El anciano más sabio, sosteniendo
un báculo en mano, pronunciaba una oración
secreta que resonaba en la montaña. Mientras tanto,
los aldeanos danzaban y cantaban, formulando sus peticiones
al señor. La leyenda contaba que a Dios le complacía
tanto esa reunión que no podía resistirse
a cumplir los deseos de los aldeanos.
Con el paso del tiempo, los sabios ancianos partieron
y la costumbre se desvaneció.
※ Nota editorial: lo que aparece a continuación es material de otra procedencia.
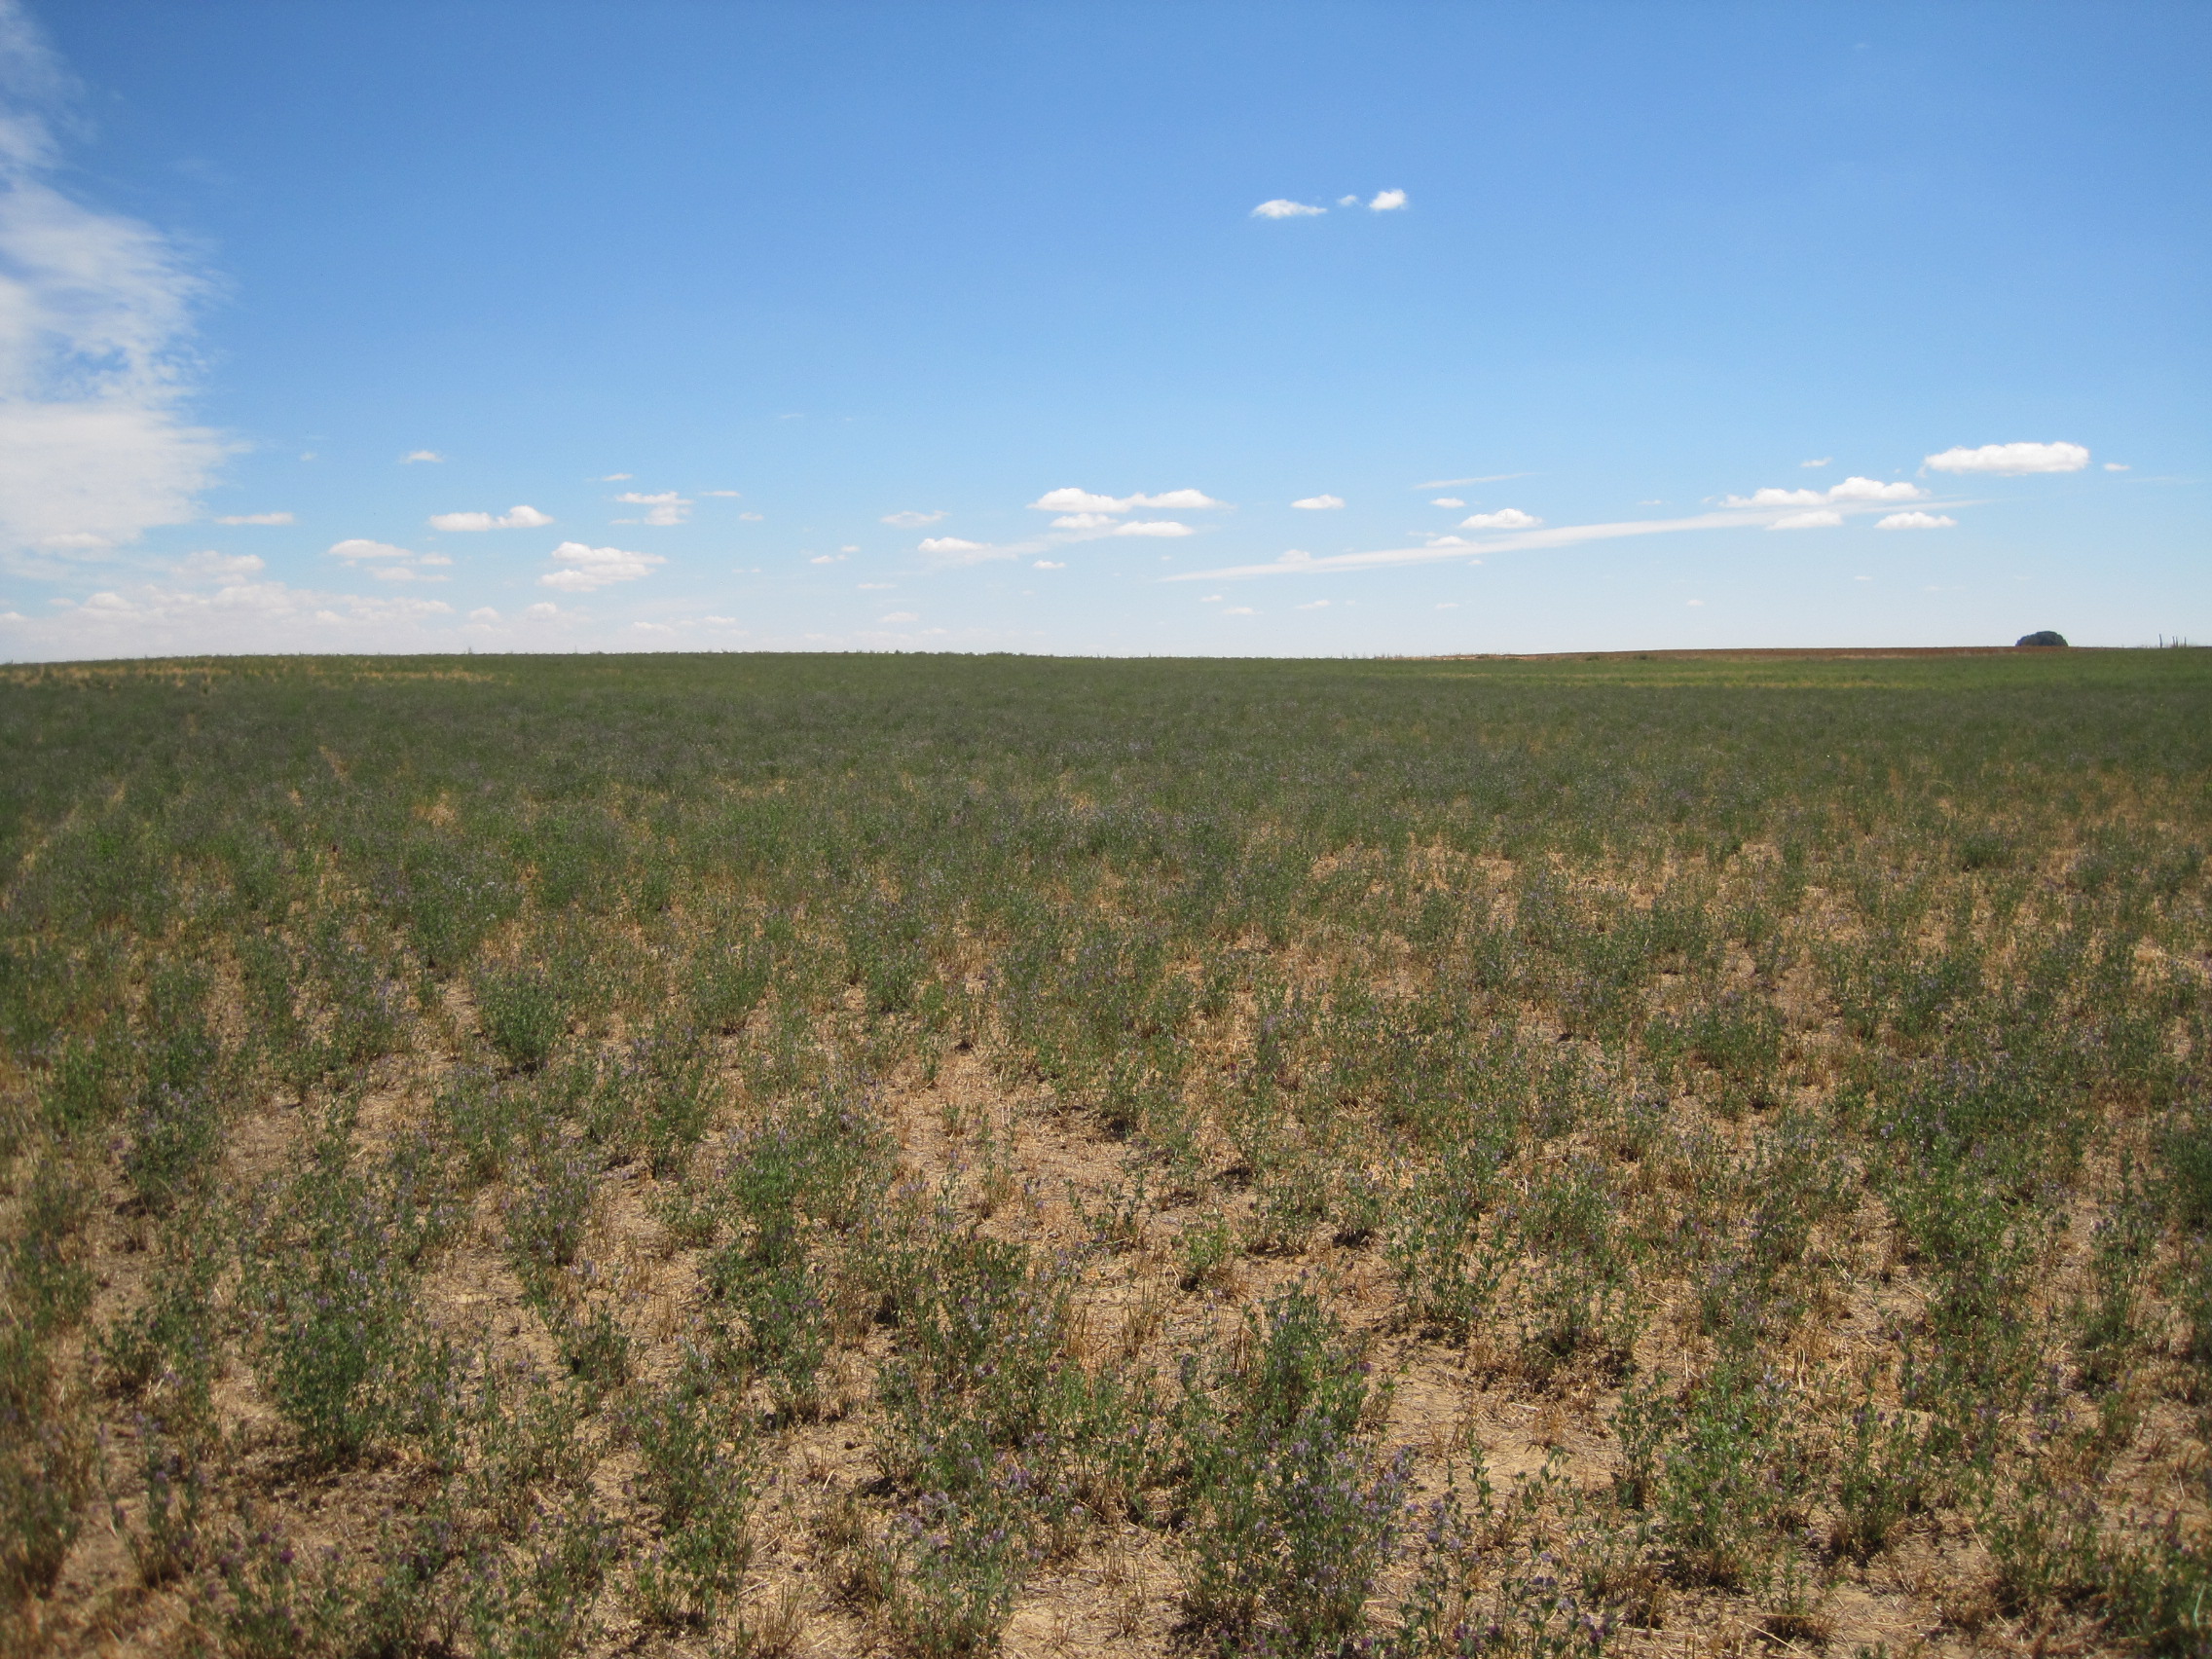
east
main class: Cropland
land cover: Lucerne
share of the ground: > 75 %
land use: Agriculture (excluding fallow land and kitchen gardens)
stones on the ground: < 10 %
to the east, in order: Lucerne; Grass margins; Other bare soil
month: July
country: ES
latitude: 41.9911
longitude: -5.5768
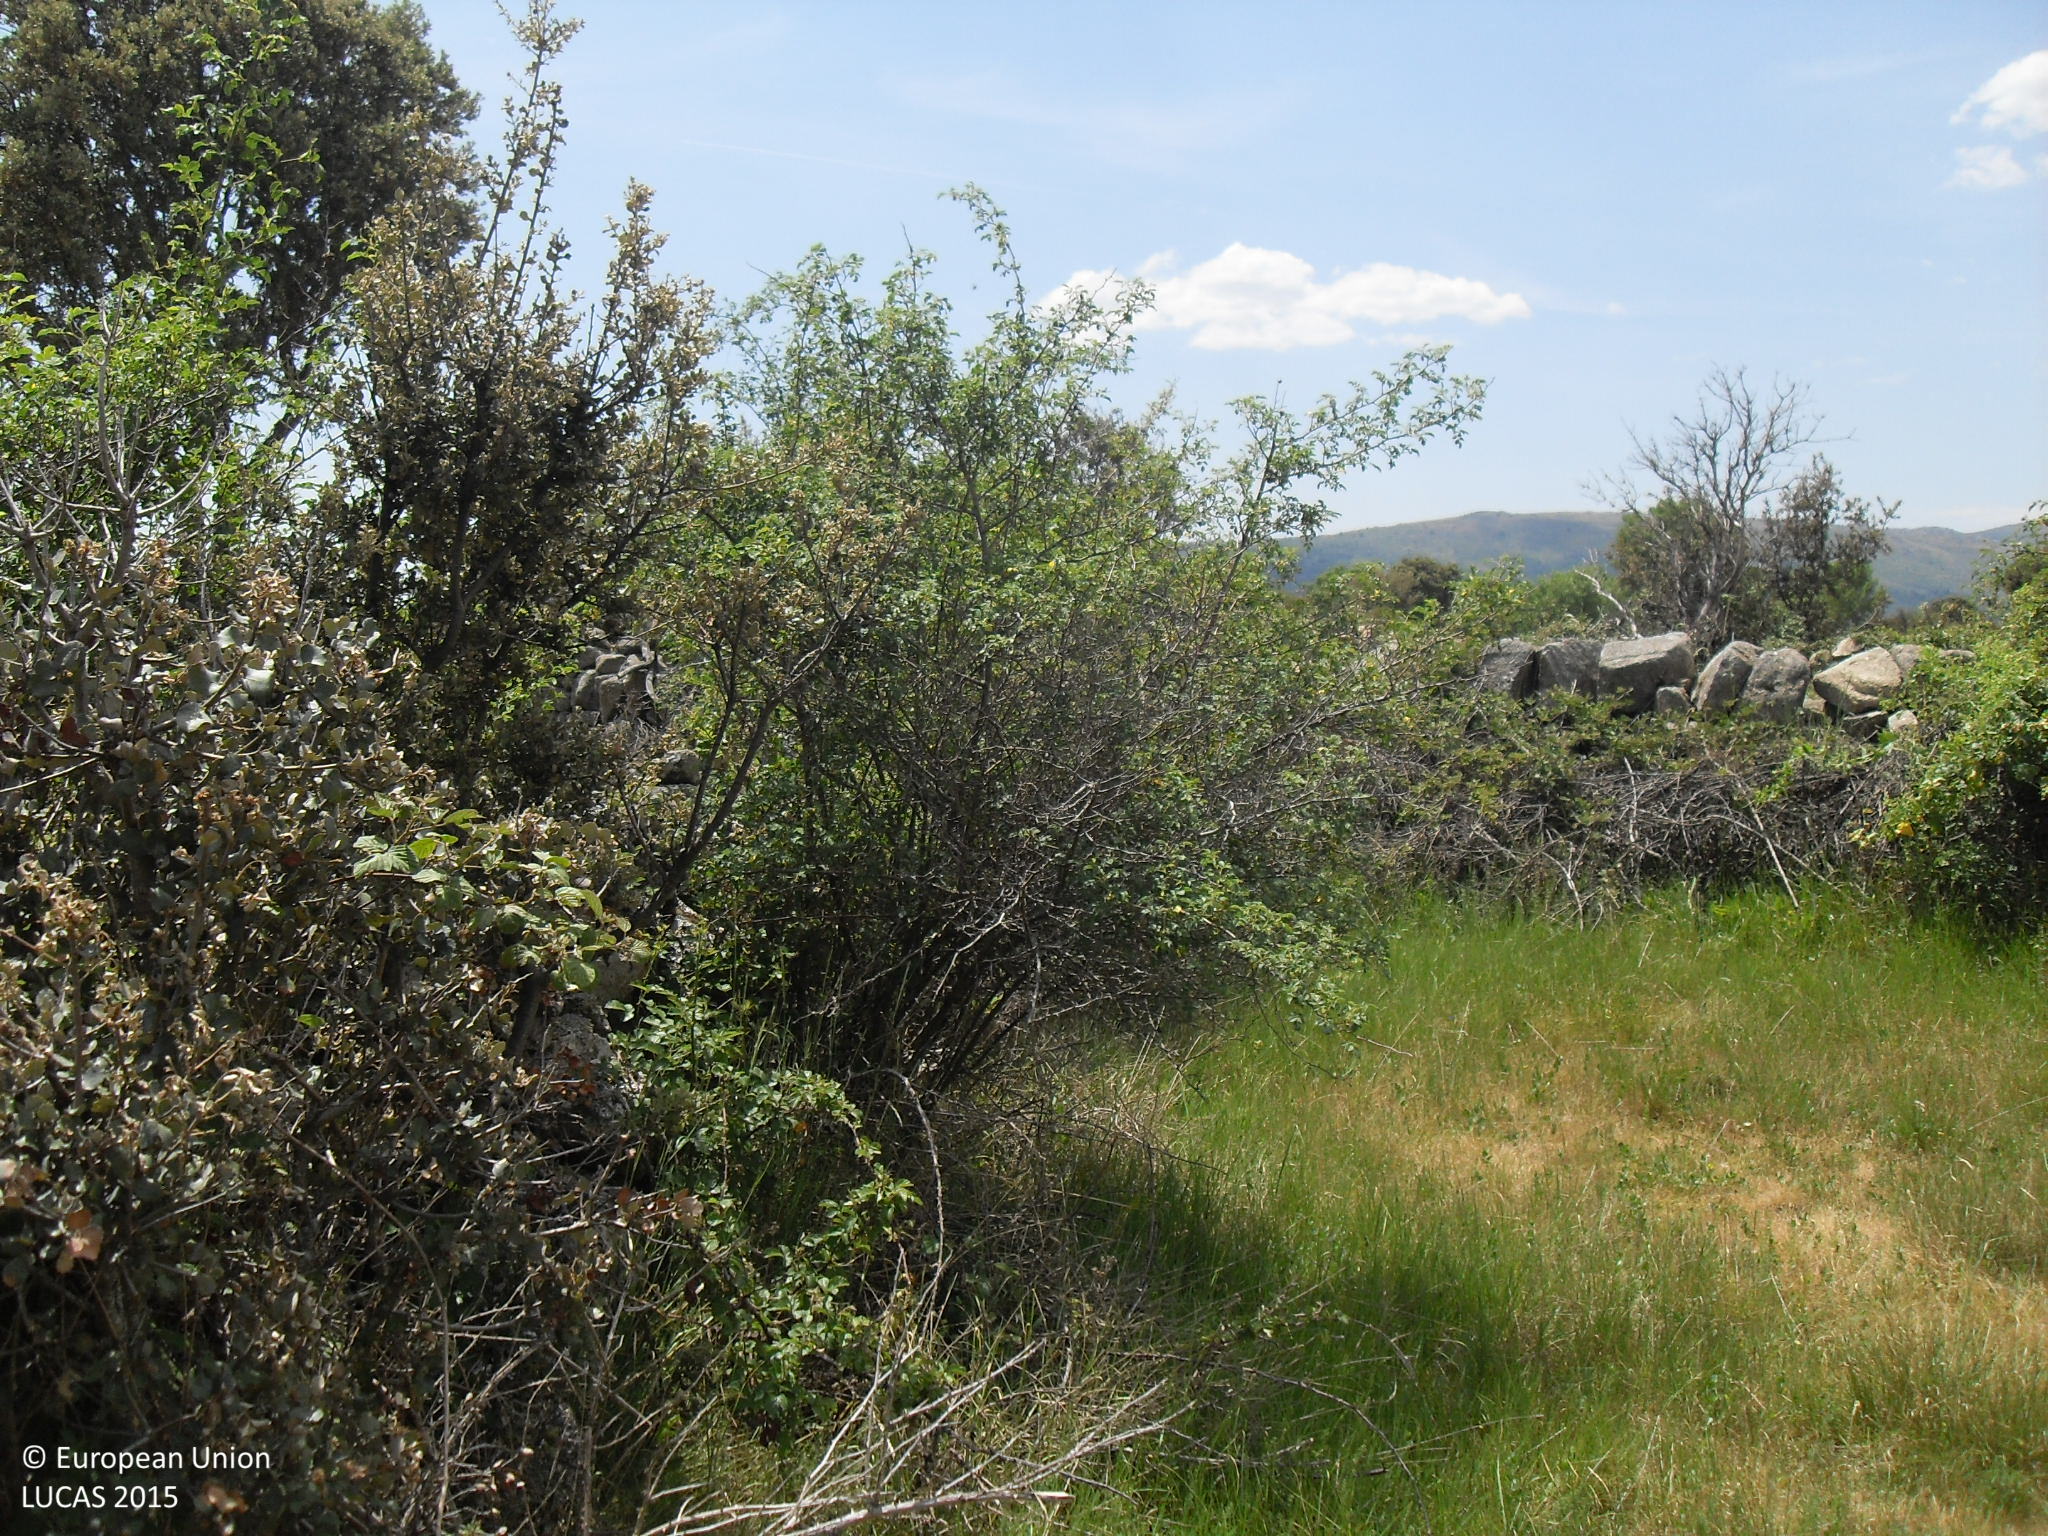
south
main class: Grassland
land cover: Grassland without tree/shrub cover
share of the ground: > 75 %
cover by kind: herbaceous plants 100 %
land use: Agriculture (excluding fallow land and kitchen gardens)
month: June
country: ES
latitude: 40.4351
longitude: -5.5454

La aldea perdió
su esplendor, la pesca menguó, los jóvenes
emigraron, y solo quedó un pequeño grupo
de ancianos, atrapados entre la falta de fuerzas para
marcharse y la falta de resignación para rendirse
sin luchar.
En una reunión nostálgica, recordaron el
antiguo ritual pero no sabían cómo realizarlo.
Sin embargo, decidieron intentarlo. Una noche, los últimos
siete habitantes activos subieron la montaña, encontraron
un claro y encendieron una fogata.
Nadie sabía qué decir ni cómo actuar.
Se limitaron a tomarse de las manos y a girar alrededor
del fuego, compartiendo canciones sencillas. Cantaron
hasta el amanecer, pidiendo a Dios que la aldea volviera
a prosperar.
Cuenta la leyenda que a Dios le complació tanto
la sencillez y la sinceridad de este nuevo acto que renovó
su benevolencia hacia la aldea. La prosperidad regresó,
y algunos sostienen que, hasta el día de hoy, el
ritual improvisado sigue siendo la chispa que mantiene
la conexión divina viva.
El mensaje perdurable de la leyenda es claro: las tradiciones
pueden cambiar, pero la autenticidad y el deseo sincero
de conectarse con lo divino pueden trascender el tiempo.
La aldea aprendió que, aunque los sabios ancianos
se fueran, su espíritu vivía en la voluntad
y la determinación de quienes decidieron mantener
viva la tradición, incluso cuando no conocían
todas las palabras y movimientos precisos.